Floramite has been around for a while now, but relatively recently, Crompton/Uniroyal Chemical reformulated the product from a wetable powder (WP) to a soluble concentrate (SC). The new SC formulation has a better wetting agent, and we’ve observed slightly better activity with it compared to the WP as can be seen in Figure 2, below, where they were used against Lewis mites on poinsettias.
Resistance to miticides is enhanced by a number of factors. Apparently, mites are more capable of developing resistance because they are haplodiploid, which means that they can express resistance in their genome more rapidly. They have a high rate of reproduction and a short generation time. In other words, they can become a reproductive adult in just days at warm greenhouse temperatures. Lastly, most mite populations in greenhouse production are under heavy selection pressure because pesticides are applied often. These factors demand that miticide selection be made in a prudent manner.

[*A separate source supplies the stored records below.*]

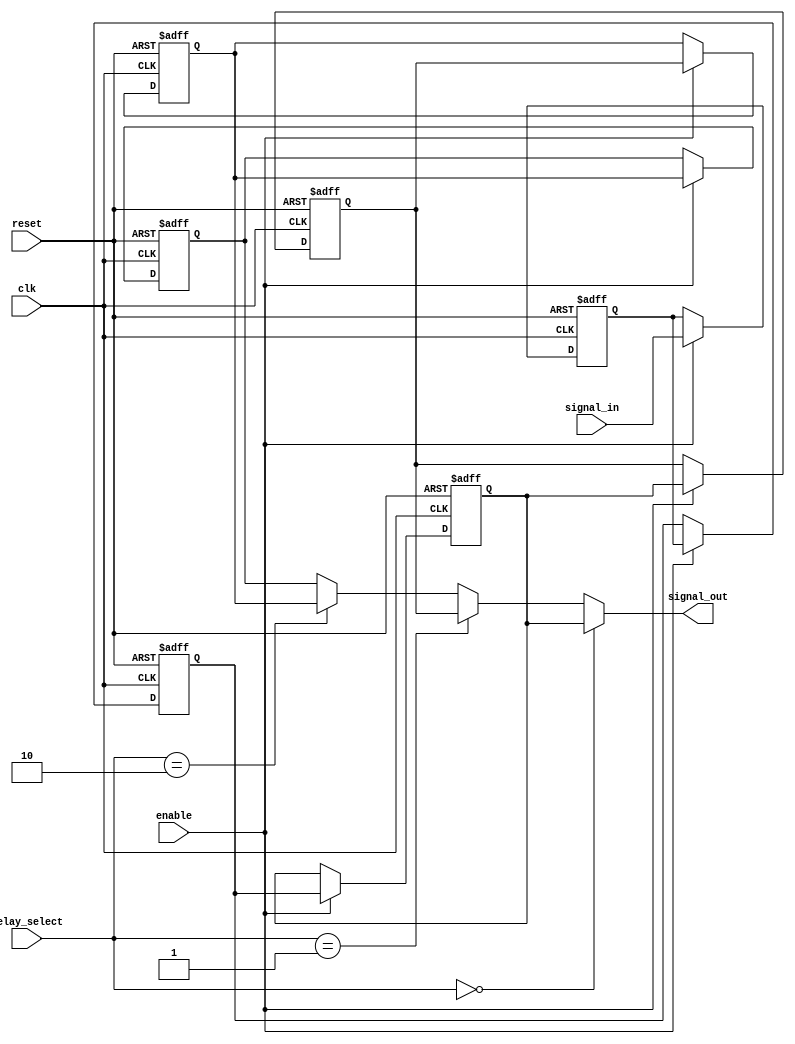
module delay (
delay_select,
signal_in,
signal_out,
clk,
reset,
enable
);

input clk;
input reset;
input signal_in;
input enable;
input [1:0] delay_select;

output signal_out;

reg [5:0]delay_register;

always @ (posedge clk or posedge reset)
 begin
	 if(reset)
		 delay_register[5] <= 1'b0; 
	 else
		if (enable)
			delay_register[5] <= delay_register[4];
end

always @ (posedge clk or posedge reset)
 begin
	 if(reset)
		 delay_register[4] <= 1'b0; 
	 else
		if (enable)
			delay_register[4] <= delay_register[3];
end


always @ (posedge clk or posedge reset)
 begin
	 if(reset)
		 delay_register[3] <= 1'b0; 
	 else
		if (enable)
			delay_register[3] <= delay_register[2];
end

 always @ (posedge clk or posedge reset)
 begin
	 if(reset)
		 delay_register[2] <= 1'b0; 
	 else
		if (enable)
			delay_register[2] <= delay_register[1];
end

 always @ (posedge clk or posedge reset)
 begin
	 if(reset)
		 delay_register[1] <= 1'b0; 
	 else
		if (enable)
			delay_register[1] <= delay_register[0];
end

 always @ (posedge clk or posedge reset)
 begin
	 if(reset)
		 delay_register[0] <= 1'b0; 
	 else
		if (enable)
			delay_register[0] <= signal_in;
end


assign signal_out = (delay_select[1:0] == 2'b00)?  delay_register[2] : ((delay_select[1:0]==2'b01) ? delay_register[3] : ((delay_select[1:0] == 2'b10)? delay_register[4] : delay_register[5] ));
	
endmodule

First, determine which developmental stage should be treated. If the Á population is small because it was noted early enough, it makes sense to use an ovicide/larvacide first. The adult population will be small at this point. Later, following up with a larvacide/adulticide should clean up the population. In a sense, the idea is to reduce the size of the next generation first as an egg or early nymph, and then any mites that have successfully developed afterward will be stopped by the later application.
If the population is heavy, or if the scouts missed a growing population, it may take the combined efficacy of both an ovicide and a product that can kill adults. For a heavy population, successive treatments alternating with ovicide/larvacide and larvacide/adulticide will be necessary probably in less than seven days.

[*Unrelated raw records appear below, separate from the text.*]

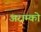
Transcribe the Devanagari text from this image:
अराम्को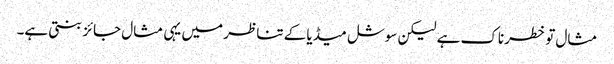
مثال تو خطرناک ہے لیکن سوشل میڈیا کے تناظر میں یہی مثال جائز بنتی ہے۔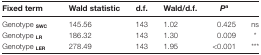
<table><thead><tr><td><b>Fixed term</b></td><td><b>Wald statistic</b></td><td><b>d.f.</b></td><td><b>Wald/d.f.</b></td><td><b><i>P</i><sup>a</sup></b></td><td></td></tr></thead><tbody><tr><td>Genotype <sub><b>SWC</b></sub></td><td>145.56</td><td>143</td><td>1.02</td><td>0.425</td><td>ns</td></tr><tr><td>Genotype <sub><b>LR</b></sub></td><td>186.32</td><td>143</td><td>1.30</td><td>0.009</td><td>*</td></tr><tr><td>Genotype <sub><b>LER</b></sub></td><td>278.49</td><td>143</td><td>1.95</td><td>&lt;0.001</td><td>***</td></tr></tbody></table>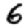
Digit: 6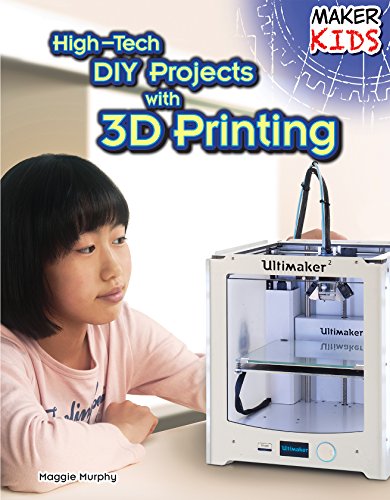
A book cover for High-Tech DIY Projects With 3D Printing (Maker Kids); Maggie Murphy; Children's Books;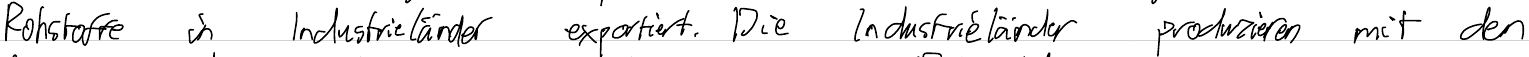
Rohstoffe in Industrieländer exportiert. Die Industrieländer produzieren mit den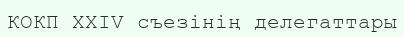
КОКП XXIV съезінің делегаттары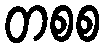
တစစ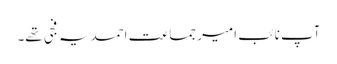
آپ نائب امیر جماعت احمدیہ فجی تھے۔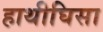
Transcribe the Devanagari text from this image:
हाथीघिसा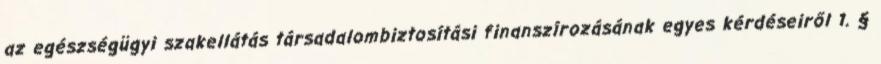
az egészségügyi szakellátás társadalombiztosítási finanszírozásának egyes kérdéseiről 1. §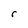
Character: r

Coverage is also an important issue. Is the miticide getting to the target organism? Avid, Pylon, TetraSan and Ultiflora have translaminar ability, but most of the others are going to need directional sprays usually toward the underside of the leaves to contact the pest mite. In addition, soap is a good product to use as a mite population knock down, so that a more conventional product can be used more effectively against a smaller population.
It bears repeating that the consistent use of one miticide or the repeated use of miticides in the same class will eventually produce a mite population that will be tolerant if not fully resistant to that miticide or entire class. If, as we recommend, miticides should be rotated every mite generation, then rotation to a new class should occur at nearly weekly intervals.
Also, most of these new compounds are marketed with a resistance management or IPM section on the label. Some of them like Hexygon can only be applied once a year. That kind of restriction on the label helps everyone, even if it seems too restrictive, because in the long run, following the label will ensure that all the miticides used in rotation will remain effective.